#### DATA
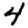
Digit: 4
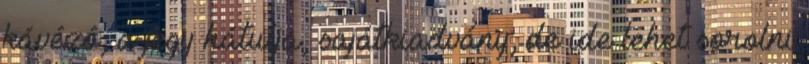
kávézó, a jegy hátulja, sajátkiadvány; de ide lehet sorolni
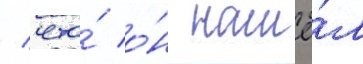
/ что́ о́н нашё́л
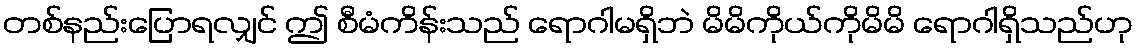
တစ်နည်းပြောရလျှင် ဤ စီမံကိန်းသည် ရောဂါမရှိဘဲ မိမိကိုယ်ကိုမိမိ ရောဂါရှိသည်ဟု
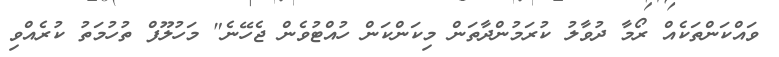
ވައްކަންތަކެއް ރޯމާ ދުވާލު ކުރަމުންދާތަން މިކަންކަން ހުއްޓުވެން ޖެހޭނެ" މަހުލޫފް ތުހުމަތު ކުރެއްވި
########
#### [WHAT NEEDS TO BE DONE]
If a record contains a picture, drop the picture and repeat the rest exactly.

#### [SOLUTION TO THIS EXERCISE]
Digit: 4
kávézó, a jegy hátulja, sajátkiadvány; de ide lehet sorolni
/ что́ о́н нашё́л
တစ်နည်းပြောရလျှင် ဤ စီမံကိန်းသည် ရောဂါမရှိဘဲ မိမိကိုယ်ကိုမိမိ ရောဂါရှိသည်ဟု
ވައްކަންތަކެއް ރޯމާ ދުވާލު ކުރަމުންދާތަން މިކަންކަން ހުއްޓުވެން ޖެހޭނެ" މަހުލޫފް ތުހުމަތު ކުރެއްވި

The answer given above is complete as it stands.